SAW Filters Rescue Wireless Products from Impractical Discrete Implementations


Filters have always been an essential component in the RF signal path. In the past, engineers had to become skilled in the complexities of filter-design theory and practice in order to create real filters based on discrete components. However, for today’s wireless devices and applications, the required filter specifications are increasingly difficult to meet using this approach as the RF spectrum gets more crowded and is sliced into smaller slivers, while operating frequencies increase well beyond the GHz threshold. The reality is that filters using discrete components cannot meet the performance, consistency (due to parasitics), size, and cost needs of many of today’s RF products.

Fortunately, monolithic-like devices such as surface acoustic wave (SAW) filters were developed over the last decades, and these provide the needed functions and features. With SAW filters, engineers are primarily concerned with selection of the filter as a single complete entity, instead of filter design.

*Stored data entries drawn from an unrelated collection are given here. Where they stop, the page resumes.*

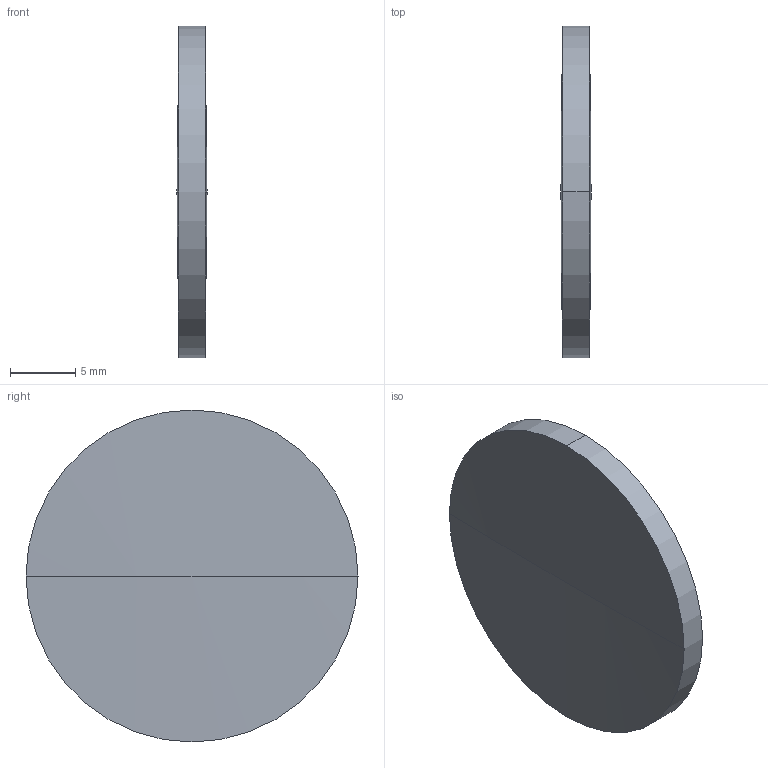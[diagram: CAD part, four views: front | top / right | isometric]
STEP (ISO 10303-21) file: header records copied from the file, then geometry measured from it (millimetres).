
FILE_DESCRIPTION (( 'STEP AP203' ), '1' );
FILE_NAME ('110159.STEP', '2019-07-09T05:46:40', ( '' ), ( '' ), 'SwSTEP 2.0', 'SolidWorks 2016', '' );
FILE_SCHEMA (( 'CONFIG_CONTROL_DESIGN' ));
Length unit declared in the file: millimetre
Products named in the file (2): 110159
Bounding box: 2.3 x 25.4 x 25.4 mm (x, y, z)
Volume: 1089.2 mm3; surface area: 1173.1 mm2
Topology: 1 solids, 1 shells, 6 faces, 14 edges, 10 vertices
Faces by surface type: sphere 4, cylinder 2
Entity records: 341 total; most frequent: DIRECTION 42, CARTESIAN_POINT 32, ORIENTED_EDGE 28, AXIS2_PLACEMENT_3D 20, PERSON_AND_ORGANIZATION 16, EDGE_CURVE 14, CIRCLE 12, CC_DESIGN_PERSON_AND_ORGANIZATION_ASSIGNMENT 10

SAW filters offer a favorable combination of performance, size and cost, and are used extensively in applications embodying Wi-Fi, LTE, GSM, Bluetooth, and many other wireless standards. 

A multiband smartphone can have ten or more SAW filters, fulfilling many roles: wideband, narrowband, passband, low pass, and high pass, at both the system-level, as well as in highly localized sub-circuits (Figure 1). As a result, the filter-related activity of engineers has shifted from working through a complex design and associated test/debug to, instead, the selection of a suitable, available filter (which is a good thing, to most engineers).             

               

Figure 1: SAW filters are used in quantity in wireless devices, for front-end filtering, narrow multiband filtering, and eliminating specific interference sources; they can be narrow or wide, with band-pass, low-pass, and high-pass FIR characteristics. (Courtesy of Taiyo Yuden)

SAW filter basics

A SAW device transforms the electronic RF-signal energy to mechanical energy in the acoustic domain. The filter is based on a piezoelectric material used as a substrate, such as quartz, lithium niobate, lithium tantalate, or lanthanum gallium silicate. Both ends of this substrate are capped with a sculpted metal layer as the electro-acoustic transducer, formed from comb-like fingers as an interdigital transducer (IDT), as illustrated in Figure 2.

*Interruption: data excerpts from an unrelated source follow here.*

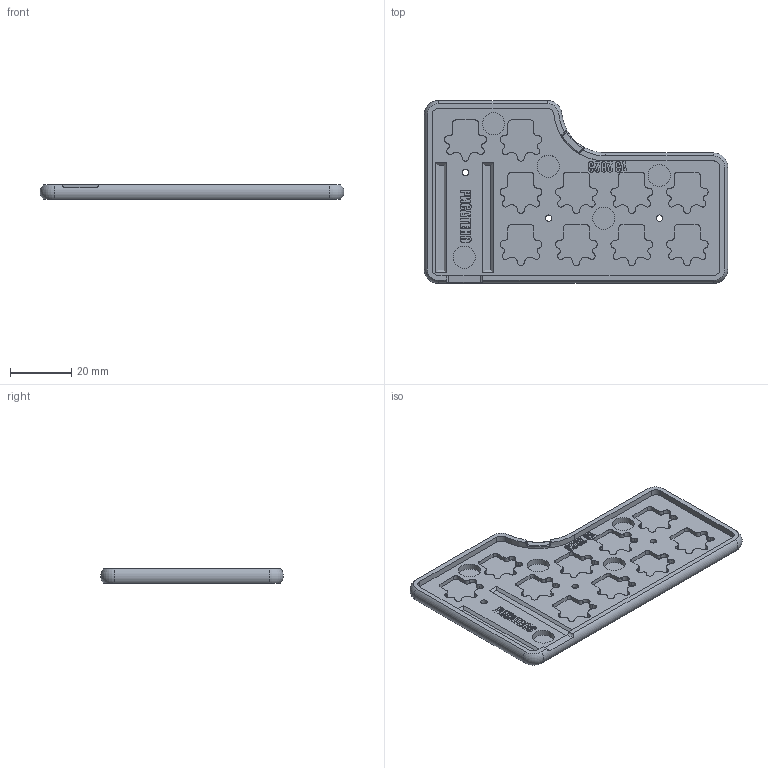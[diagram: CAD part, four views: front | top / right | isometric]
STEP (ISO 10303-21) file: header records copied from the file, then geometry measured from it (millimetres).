
FILE_DESCRIPTION(('STEP AP242'), '1');
FILE_NAME('case_v3', '', ('UNSPECIFIED'), ('UNSPECIFIED'), 'C3D Converter', 'C3D Toolkit', '');
FILE_SCHEMA(('AP242_MANAGED_MODEL_BASED_3D_ENGINEERING_MIM_LF { 1 0 10303 442 1 1 4 }'));
Length unit declared in the file: millimetre
Bounding box: 98.91 x 59.57 x 4.6 mm (x, y, z)
Volume: 11550.6 mm3; surface area: 12683 mm2
Topology: 1 solids, 1 shells, 895 faces, 2536 edges, 1686 vertices
Faces by surface type: cylinder 552, plane 323, bspline 10, torus 8, cone 2
Full cylindrical faces by diameter (mm): 2.1 x3, 5.4 x7, 7.2 x5
Entity records: 37951 total; most frequent: CARTESIAN_POINT 6326, DIRECTION 5392, ORIENTED_EDGE 5038, EDGE_CURVE 2519, AXIS2_PLACEMENT_3D 2013, VERTEX_POINT 1686, LINE 1366, VECTOR 1366

Figure 2: Comb-like interdigital transducers at each end of the piezoelectric substrate convert impinging electrical energy to acoustic-mechanical energy, the energy wave then travels across the surface, where it is converted back to electrical energy by an IDT at the receiving end. (Courtesy of the University of South Florida)

The electrical signal is applied to one end of the device, converted to acoustic energy by the source IDT and launched across the piezo material’s surface, where it travels as surface-acoustic wave (called Rayleigh waves after Lord Rayleigh, who analyzed them in detail). The energy is then converted back to an electronic signal at the far end by a similar though not identical IDT, designed to capture the energy. Fortunately, the overall electrical/acoustic and complementary acoustic/electrical conversion processes are highly-efficient, reaching 99% or better; this helps maintain SNR and signal integrity.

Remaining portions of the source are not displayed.